Multiple Patients on One Trip
Ambulance suppliers submitting a claim using the ASC X12 professional format or the CMS-1500 paper form for an ambulance transport with more than one Medicare beneficiary onboard must use the “GM” modifier (“Multiple Patient on One Ambulance Trip”) for each service line item. In addition, suppliers are required to submit documentation to A/B MACs (B) to specify the particulars of a multiple patient transport. The documentation must include the total number of patients transported in the vehicle at the same time and the health insurance claim (HIC) numbers for each Medicare beneficiary. A/B/MACs (B) shall calculate payment amounts based on policy instructions found in Pub.100-02, Medicare Benefit Policy Manual, Chapter 10 – Ambulance Services, Section 10.3.10 – Multiple Patient Ambulance Transport.

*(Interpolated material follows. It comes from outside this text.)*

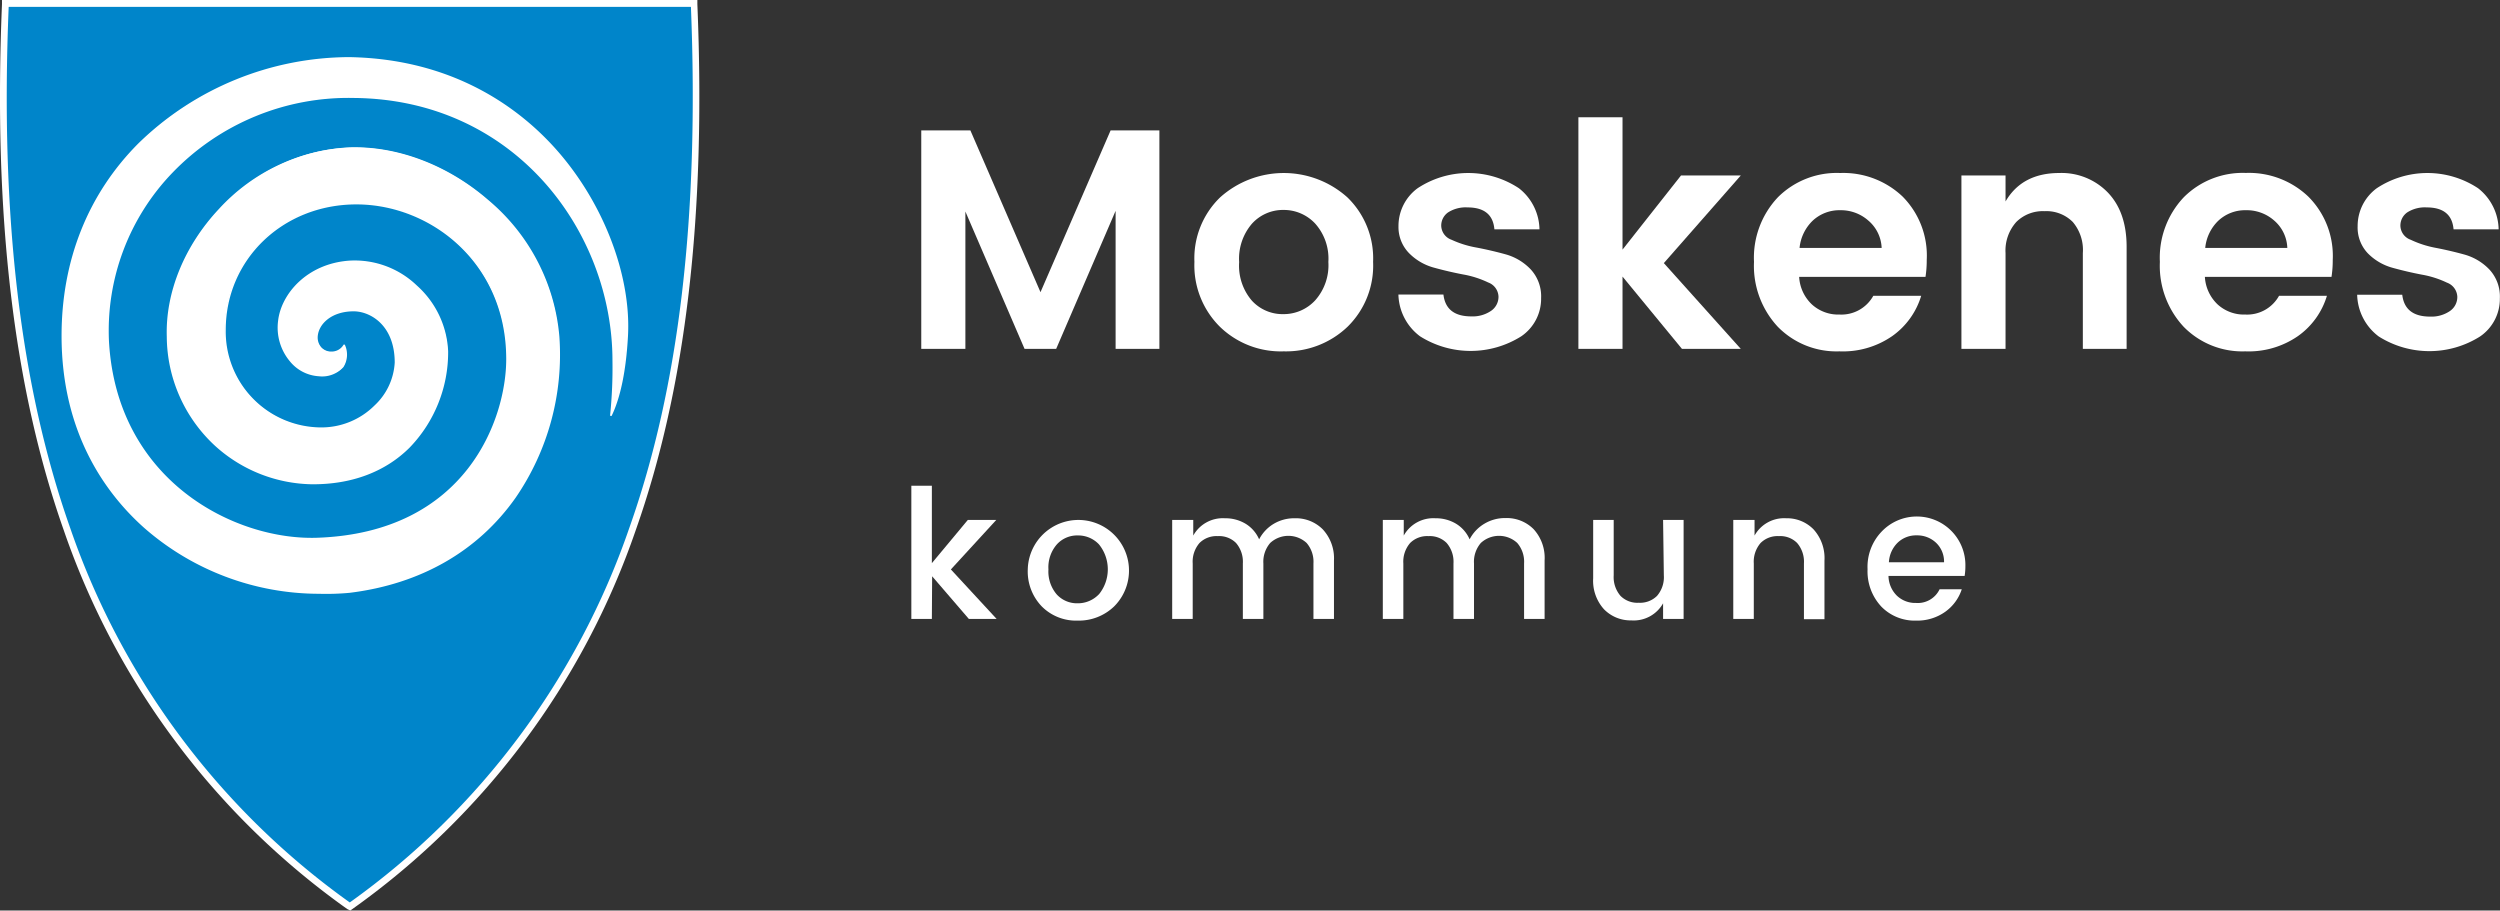 <svg xmlns="http://www.w3.org/2000/svg" id="Layer_1" data-name="Layer 1" viewBox="0 0 365.45 133.1"><rect x="0" y="0" width="365.45" height="133.1" fill="#333333" stroke="none"/><defs><style>.cls-1{fill:#fff;}.cls-2{fill:#0085ca;}</style></defs><title>moskenes_logo</title><path class="cls-1" d="M169.48,19.06V51h-6.4V30.82L154.39,51h-4.62l-8.65-20.08V51h-6.45V19.06h7.18L152.1,42.71l10.25-23.65Z"></path><path class="cls-1" d="M178.31,47.75a12.63,12.63,0,0,1-3.71-9.47,12.4,12.4,0,0,1,3.75-9.42,13.93,13.93,0,0,1,18.62,0,12.41,12.41,0,0,1,3.75,9.42A12.51,12.51,0,0,1,197,47.75a13,13,0,0,1-9.35,3.61A12.76,12.76,0,0,1,178.31,47.75Zm9.29-1.83a6.27,6.27,0,0,0,4.64-2,7.72,7.72,0,0,0,1.94-5.63,7.69,7.69,0,0,0-1.92-5.6,6.26,6.26,0,0,0-4.64-2,6.11,6.11,0,0,0-4.6,2,7.84,7.84,0,0,0-1.88,5.63A7.83,7.83,0,0,0,183,43.95,6.08,6.08,0,0,0,187.6,45.92Z"></path><path class="cls-1" d="M204.43,33.06a6.84,6.84,0,0,1,2.79-5.54,13.43,13.43,0,0,1,14.82,0,7.79,7.79,0,0,1,3,6h-6.59q-.27-3.2-3.93-3.2a4.75,4.75,0,0,0-2.84.73,2.35,2.35,0,0,0-1,2,2.24,2.24,0,0,0,1.51,2,14.77,14.77,0,0,0,3.66,1.14q2.15.41,4.28,1a8,8,0,0,1,3.64,2.2,5.8,5.8,0,0,1,1.51,4.19,6.64,6.64,0,0,1-2.9,5.58,13.87,13.87,0,0,1-14.8,0,7.85,7.85,0,0,1-3.16-6.11H211q.37,3.2,4.07,3.2a4.77,4.77,0,0,0,2.88-.8,2.48,2.48,0,0,0,1.1-2.1,2.29,2.29,0,0,0-1.51-2.06,14.14,14.14,0,0,0-3.66-1.17q-2.15-.41-4.28-1a8.05,8.05,0,0,1-3.64-2.13A5.46,5.46,0,0,1,204.43,33.06Z"></path><path class="cls-1" d="M237.18,51h-6.45V17.14h6.45V36.49l8.55-10.84h8.74L243.22,38.46,254.47,51h-8.6l-8.69-10.57Z"></path><path class="cls-1" d="M268.88,51.36a12,12,0,0,1-9-3.59,13.06,13.06,0,0,1-3.48-9.49,12.86,12.86,0,0,1,3.5-9.45A12.17,12.17,0,0,1,269,25.29a12.58,12.58,0,0,1,9.13,3.45A12.24,12.24,0,0,1,281.65,38a15.7,15.7,0,0,1-.18,2.47H263a6,6,0,0,0,1.83,4,5.7,5.7,0,0,0,4.07,1.51,5.33,5.33,0,0,0,4.94-2.74h7a11.12,11.12,0,0,1-4.25,5.9A12.66,12.66,0,0,1,268.88,51.36Zm4.23-19.12A6.05,6.05,0,0,0,269,30.73a5.72,5.72,0,0,0-4,1.51,6.39,6.39,0,0,0-1.94,4h12A5.53,5.53,0,0,0,273.11,32.24Z"></path><path class="cls-1" d="M293.17,25.65v3.8q2.42-4.16,7.87-4.16a9.4,9.4,0,0,1,7.09,2.86q2.74,2.86,2.74,7.94V51h-6.4V37A6.33,6.33,0,0,0,303,32.45a5.43,5.43,0,0,0-4.12-1.58,5.5,5.5,0,0,0-4.14,1.58A6.27,6.27,0,0,0,293.17,37V51h-6.45V25.65Z"></path><path class="cls-1" d="M328.21,51.36a12,12,0,0,1-9-3.59,13.07,13.07,0,0,1-3.48-9.49,12.86,12.86,0,0,1,3.5-9.45,12.17,12.17,0,0,1,9.06-3.55,12.58,12.58,0,0,1,9.13,3.45A12.24,12.24,0,0,1,341,38a15.7,15.7,0,0,1-.18,2.47H322.31a6,6,0,0,0,1.83,4,5.7,5.7,0,0,0,4.07,1.51,5.33,5.33,0,0,0,4.94-2.74h7a11.12,11.12,0,0,1-4.25,5.9A12.66,12.66,0,0,1,328.21,51.36Zm4.23-19.12a6.05,6.05,0,0,0-4.14-1.51,5.72,5.72,0,0,0-4,1.51,6.39,6.39,0,0,0-1.94,4h12A5.52,5.52,0,0,0,332.44,32.24Z"></path><path class="cls-1" d="M344.64,33.06a6.84,6.84,0,0,1,2.79-5.54,13.43,13.43,0,0,1,14.82,0,7.79,7.79,0,0,1,3,6h-6.59q-.27-3.2-3.93-3.2a4.75,4.75,0,0,0-2.84.73,2.35,2.35,0,0,0-1,2,2.24,2.24,0,0,0,1.51,2A14.77,14.77,0,0,0,356,36.22q2.15.41,4.28,1a8,8,0,0,1,3.64,2.2,5.8,5.8,0,0,1,1.51,4.19,6.64,6.64,0,0,1-2.9,5.58,13.87,13.87,0,0,1-14.8,0,7.85,7.85,0,0,1-3.16-6.11h6.59q.37,3.2,4.07,3.2a4.77,4.77,0,0,0,2.88-.8,2.48,2.48,0,0,0,1.1-2.1,2.29,2.29,0,0,0-1.51-2.06,14.14,14.14,0,0,0-3.66-1.17q-2.15-.41-4.28-1a8.05,8.05,0,0,1-3.64-2.13A5.46,5.46,0,0,1,344.64,33.06Z"></path><path class="cls-1" d="M136.22,90.48h-3V71h3V82.32L141.48,76h4.16L139,83.24l6.69,7.24h-4.06l-5.37-6.24Z"></path><path class="cls-1" d="M157.52,90.72a7.05,7.05,0,0,1-5.23-2.07,7.36,7.36,0,0,1-2.05-5.42,7.4,7.4,0,1,1,12.63,5.41A7.43,7.43,0,0,1,157.52,90.72Zm3.12-3.84a5.79,5.79,0,0,0,0-7.31,4.17,4.17,0,0,0-3.09-1.3,4,4,0,0,0-3.05,1.3,5.1,5.1,0,0,0-1.24,3.66,5.17,5.17,0,0,0,1.21,3.66,4,4,0,0,0,3,1.3A4.26,4.26,0,0,0,160.64,86.87Z"></path><path class="cls-1" d="M174.43,76v2.29a4.94,4.94,0,0,1,4.63-2.53,5.72,5.72,0,0,1,3,.79,5,5,0,0,1,2,2.29,5.68,5.68,0,0,1,2.12-2.26,5.83,5.83,0,0,1,3.07-.82,5.54,5.54,0,0,1,4.11,1.62A6.21,6.21,0,0,1,195,81.92v8.56h-3V82.37a4.21,4.21,0,0,0-1-3,3.92,3.92,0,0,0-5.32,0,4.21,4.21,0,0,0-1,3v8.11h-3V82.37a4.21,4.21,0,0,0-1-3,3.47,3.47,0,0,0-2.66-1,3.51,3.51,0,0,0-2.67,1,4.18,4.18,0,0,0-1,3v8.11h-3V76Z"></path><path class="cls-1" d="M205.2,76v2.29a4.94,4.94,0,0,1,4.63-2.53,5.72,5.72,0,0,1,3,.79,5,5,0,0,1,2,2.29A5.68,5.68,0,0,1,217,76.55a5.84,5.84,0,0,1,3.07-.82,5.54,5.54,0,0,1,4.11,1.62,6.21,6.21,0,0,1,1.61,4.57v8.56h-3V82.37a4.21,4.21,0,0,0-1-3,3.92,3.92,0,0,0-5.32,0,4.21,4.21,0,0,0-1,3v8.11h-3V82.37a4.21,4.21,0,0,0-1-3,3.47,3.47,0,0,0-2.66-1,3.51,3.51,0,0,0-2.67,1,4.18,4.18,0,0,0-1,3v8.11h-3V76Z"></path><path class="cls-1" d="M243.11,76h3V90.48h-3V88.19a4.92,4.92,0,0,1-4.63,2.5,5.43,5.43,0,0,1-4-1.62,6.2,6.2,0,0,1-1.59-4.54V76h3v8.11a4.21,4.21,0,0,0,1,3,3.47,3.47,0,0,0,2.66,1,3.51,3.51,0,0,0,2.67-1,4.17,4.17,0,0,0,1-3Z"></path><path class="cls-1" d="M256.48,76v2.29a4.94,4.94,0,0,1,4.63-2.53,5.41,5.41,0,0,1,4,1.63,6.25,6.25,0,0,1,1.59,4.56v8.56h-3V82.37a4.21,4.21,0,0,0-1-3,3.47,3.47,0,0,0-2.66-1,3.51,3.51,0,0,0-2.67,1,4.18,4.18,0,0,0-1,3v8.11h-3V76Z"></path><path class="cls-1" d="M280.09,90.72A6.8,6.8,0,0,1,275,88.66a7.54,7.54,0,0,1-2-5.45,7.43,7.43,0,0,1,2-5.44,7.1,7.1,0,0,1,12.3,5,9,9,0,0,1-.11,1.42H276.06a4.14,4.14,0,0,0,1.22,2.88,3.9,3.9,0,0,0,2.8,1.07,3.53,3.53,0,0,0,3.45-2h3.24a6.51,6.51,0,0,1-2.4,3.28A7.05,7.05,0,0,1,280.09,90.72ZM283,79.33a4,4,0,0,0-2.82-1.07,3.87,3.87,0,0,0-2.78,1.07,4.31,4.31,0,0,0-1.28,2.86h8.06A3.78,3.78,0,0,0,283,79.33Z"></path><g id="path4148"><path class="cls-2" d="M51.06,132.48A112.46,112.46,0,0,1,9.78,77.31C2.45,56.61-.49,31.53.79.62V.5H101.46V.62c1.27,30.9-1.66,56-9,76.69A112.46,112.46,0,0,1,51.2,132.48l-.07.05Z"></path><path class="cls-1" d="M51.21,133.1l-.44-.21A112.94,112.94,0,0,1,9.31,77.48C2,56.72-1,31.57.29.6l0-.6H101.94l0,.6c1.28,31-1.67,56.12-9,76.88A112.94,112.94,0,0,1,51.5,132.89ZM1.27,1C0,31.68,3,56.59,10.25,77.15a111.93,111.93,0,0,0,40.88,54.77A112,112,0,0,0,92,77.15C99.28,56.59,102.22,31.68,101,1Z"></path></g><g id="path4261"><path class="cls-1" d="M50.31,50.52c1,3-.79,4.43-3.72,4.33-3.16-.1-6.3-3.48-5.8-7.94.43-3.91,4.16-8.26,10.29-8.69,8-.56,14.28,6.75,14.31,13.13,0,8.58-5.73,19.42-19.86,19.28-9.65-.09-20.58-7.57-21-21.49C24.09,35.9,36.3,22.06,51.07,21.59c14.19-.45,29.42,11.65,30.56,27.5,1.12,15.56-7.9,34.55-30.56,37.3C32,88.72,9.19,75.59,9.16,49.09c0-26.81,22.55-40.61,41.91-40.61C79.53,9,92.49,33.9,91.67,49.09c-.21,3.82-.79,8.34-2.35,11.58a67.92,67.92,0,0,0,.34-7.95c0-19.31-14.47-38.34-38-38.54C29.76,14,14.76,31.65,15.79,49.91,17,70.41,34.27,79.14,46.32,78.74,67.63,78,74.11,62.38,74.11,52.49c0-13.49-10.5-22.75-22-22.75-11,0-19.24,8.3-19.24,18.47a14.2,14.2,0,0,0,14,14.39c6.59.07,11-5.38,11-9.62,0-5.38-3.5-7.62-6.16-7.62-3.29,0-5.31,1.88-5.39,3.89a2.18,2.18,0,0,0,4,1.26Z"></path><path class="cls-1" d="M46.63,86.8a38.85,38.85,0,0,1-25.49-9.58C15.63,72.33,9,63.49,9,49.09,9,38,12.9,28.3,20.26,20.93A44.36,44.36,0,0,1,51.07,8.35c14.85.26,24.3,7.11,29.61,12.81C87.93,28.95,92.29,39.92,91.8,49.1c-.27,5-1.07,8.93-2.36,11.63a.13.13,0,0,1-.25-.07,67.72,67.72,0,0,0,.34-7.94c0-18.73-14.15-38.21-37.83-38.4A35.7,35.7,0,0,0,25.22,25.24,33.27,33.27,0,0,0,15.93,49.9C17.08,70.36,34.39,79,46.32,78.61,68.2,77.88,74,61.2,74,52.49,74,38.33,62.85,29.88,52.1,29.88S33,37.93,33,48.22A14,14,0,0,0,46.82,62.48a11,11,0,0,0,7.93-3.21A9.27,9.27,0,0,0,57.7,53c0-5.49-3.6-7.49-6-7.49-3.32,0-5.19,1.94-5.26,3.76A2.16,2.16,0,0,0,47,50.81a1.94,1.94,0,0,0,1.44.58,2,2,0,0,0,1.75-.95.13.13,0,0,1,.24,0,3.42,3.42,0,0,1-.22,3.21A4.2,4.2,0,0,1,46.58,55a5.89,5.89,0,0,1-4.17-2.14,7.67,7.67,0,0,1-1.76-5.95c.44-3.95,4.23-8.37,10.41-8.81a13.12,13.12,0,0,1,9.88,3.64,13.68,13.68,0,0,1,4.57,9.63,20.05,20.05,0,0,1-5.65,14.08c-3.57,3.55-8.53,5.4-14.34,5.34a21.55,21.55,0,0,1-14.05-5.59,21.87,21.87,0,0,1-7.09-16c-.2-6.47,2.58-13.28,7.63-18.66a27.77,27.77,0,0,1,19.07-9c7-.22,14.37,2.57,20.26,7.67a29.24,29.24,0,0,1,10.43,20,36.94,36.94,0,0,1-6.39,23.54c-5.51,7.83-13.91,12.64-24.29,13.91A36.85,36.85,0,0,1,46.63,86.8ZM51.07,8.61a44.09,44.09,0,0,0-30.62,12.5c-7.31,7.32-11.16,17-11.15,28,0,14.3,6.55,23.08,12,27.92a38.49,38.49,0,0,0,29.73,9.25C72.6,83.64,82.68,65.58,81.49,49.1c-1.16-16.19-17-27.8-30.42-27.38-14,.45-26.86,13.77-26.44,27.42S35.71,70.41,45.52,70.5c5.74.05,10.64-1.76,14.15-5.26a19.78,19.78,0,0,0,5.57-13.89,13.41,13.41,0,0,0-4.48-9.43,12.86,12.86,0,0,0-9.68-3.57c-6,.42-9.74,4.73-10.17,8.57a7.41,7.41,0,0,0,1.7,5.74,5.62,5.62,0,0,0,4,2A4,4,0,0,0,50,53.53a3,3,0,0,0,.26-2.72,2.27,2.27,0,0,1-1.82.84A2.2,2.2,0,0,1,46.81,51a2.43,2.43,0,0,1-.66-1.74c.07-1.95,2-4,5.52-4C54.2,45.24,58,47.3,58,53a9.53,9.53,0,0,1-3,6.47,11.3,11.3,0,0,1-8.12,3.29,14.27,14.27,0,0,1-14.1-14.53c0-10.43,8.51-18.61,19.38-18.61A22.17,22.17,0,0,1,67.51,36a22.93,22.93,0,0,1,6.73,16.53,26.84,26.84,0,0,1-5.93,16.65c-4.95,6.05-12.55,9.42-22,9.73h-.79c-12,0-28.73-8.78-29.87-29A33.54,33.54,0,0,1,25,25.06a36,36,0,0,1,26.68-11A37.6,37.6,0,0,1,79.59,26.19a39.82,39.82,0,0,1,10.2,26.53,70.39,70.39,0,0,1-.26,7.15,33.86,33.86,0,0,0,2-10.78c.49-9.12-3.84-20-11-27.75C75.21,15.68,65.83,8.87,51.07,8.61Z"></path></g></svg>

Ambulance claims submitted on or after January 1, 2011 in version 5010 of the ASC X12 837 professional claim format require the presence of a diagnosis code and the absence of said diagnosis code will cause the ambulance claim to not be accepted into the claims processing system. The presence of a diagnosis code on an ambulance claim is not required as a condition of ambulance payment policy. The adjudicative process does not take into account the presence (or absence) of a diagnosis code but a diagnosis code is required on the ASC X12 837 professional claim format.
Coding Instructions for Form CMS-1491
Effective April 2, 2007, Form CMS-1491 will no longer be a valid format for submitting claims. Suppliers who wish to submit a paper claim must use CMS-1500 Form.